Many years ago, when asked how long one should wait after running a marathon before running another one, the great Bill Rodgers said, “Until you’ve forgotten it.” Ryan Hall probably defied this wisdom!
For many runners, training cycles are year-round. No change from month to month, season to season. However proper training for sports involves training cycles, with intense strength training and conditioning programs that lead into the season’s schedule or event training program.

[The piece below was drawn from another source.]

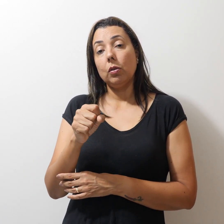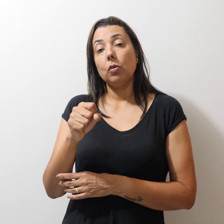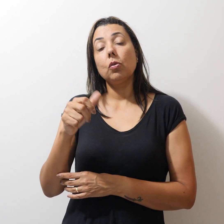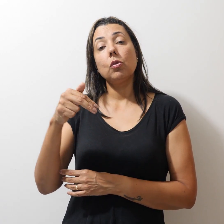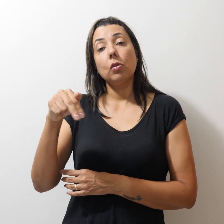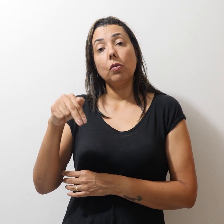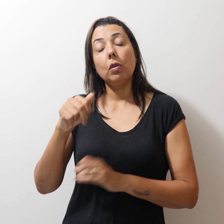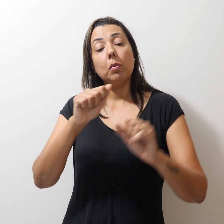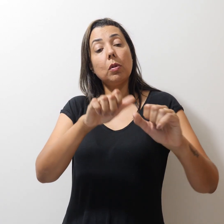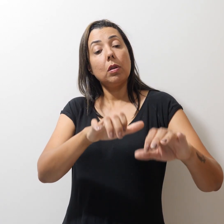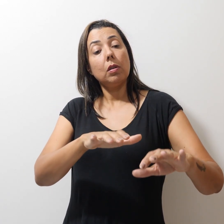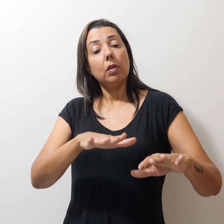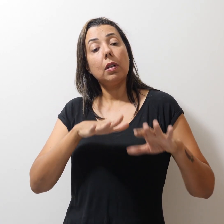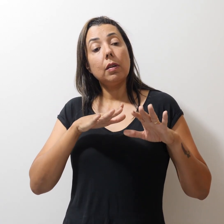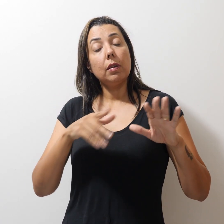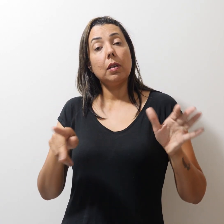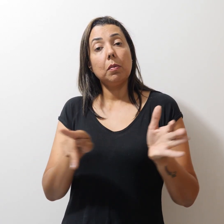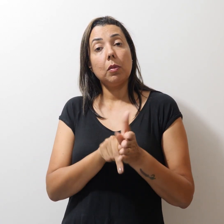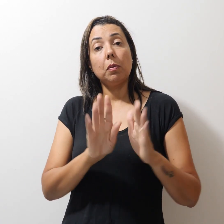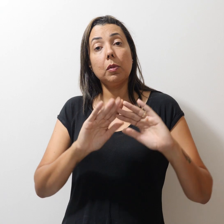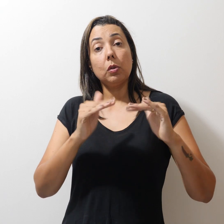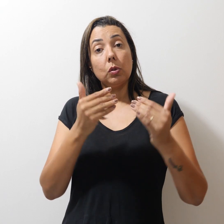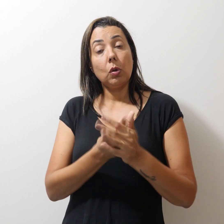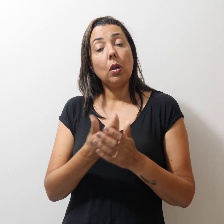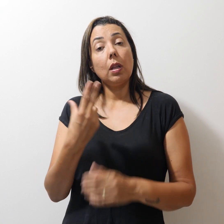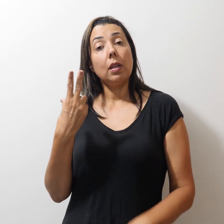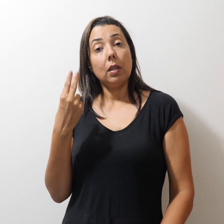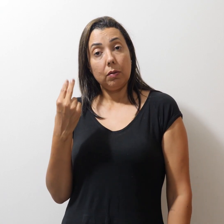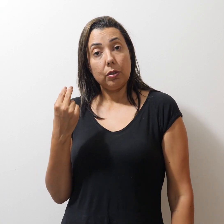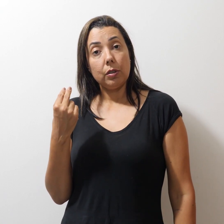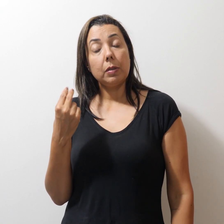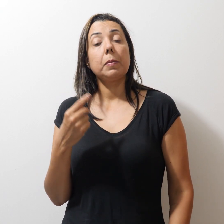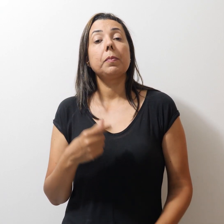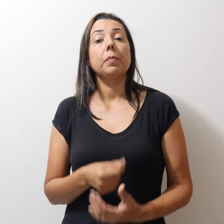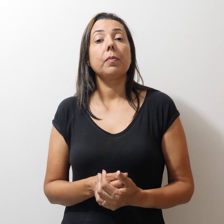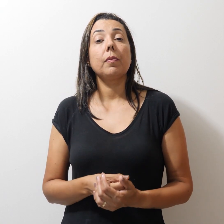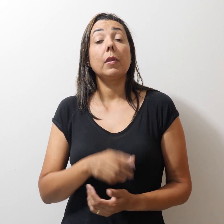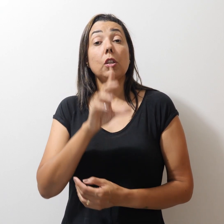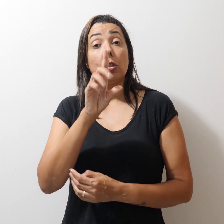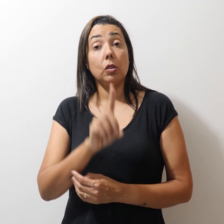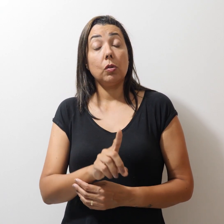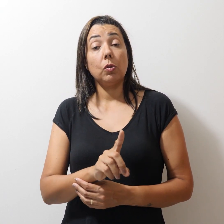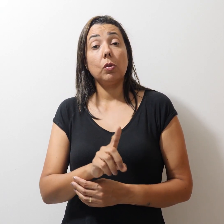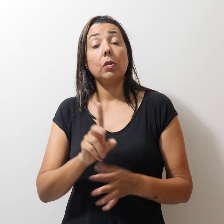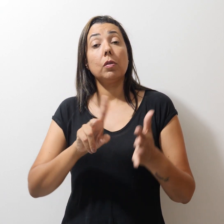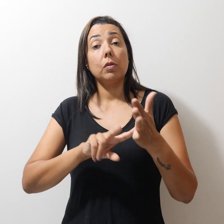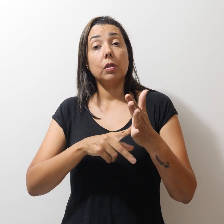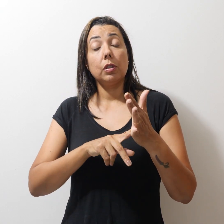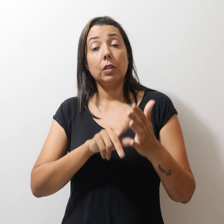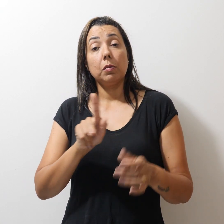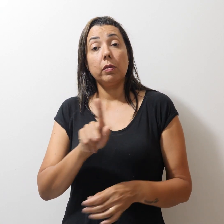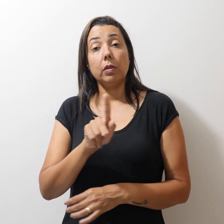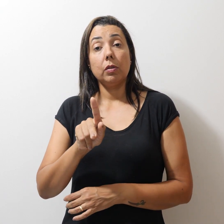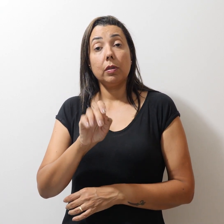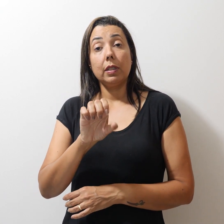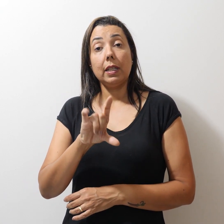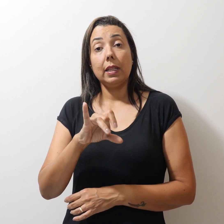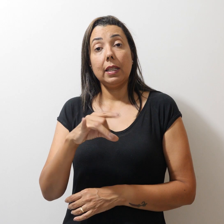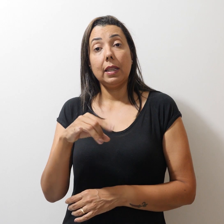auditório da própria escola, em Taguatinga. A diretora do Simpro, Elineide Rodrigues, também

A runner can no more expect to train progressively year-round than a cornfield can expect to produce corn in spring, summer, fall, and winter. The body needs time to heal. Most professional and high-level competitive runners rest two to four weeks after completing a training cycle. The average should not be trying to emulate the professional runners’ training cycle. A high-level runner has a team looking after them; a coach, trainer, massage therapist, physiotherapist, nutritionist, etc. They run, eat, and sleep. That’s it! The average runner is trying to cram in their miles within the confines of their forty to sixty-hour workweek along with everyday responsibilities without the benefit of a team.
Create an Off-Season
With the fall marathon season ending in November and with two to four weeks of rest post-race, the winter holiday season is right on its heels….an ideal off-season for a runner should begin in January of the new year. The off-season allows the runner to: rest and recover from months of intense training, recover from injury, and implement an off-season strength training and running training strategy. The off-season lasts 16 weeks. The same amount of time it takes to prepare for a marathon. This is the time it takes to establish a fitness foundation that will stand up to the demands of being an endurance athlete and allow the athlete to reduce the rate and risk of overuse injuries that plague endurance athletes as well as lead to improved performance.
Rather than using the spring race schedule to “get in shape”, runners should “be in shape” and simply use races to sharpen their times.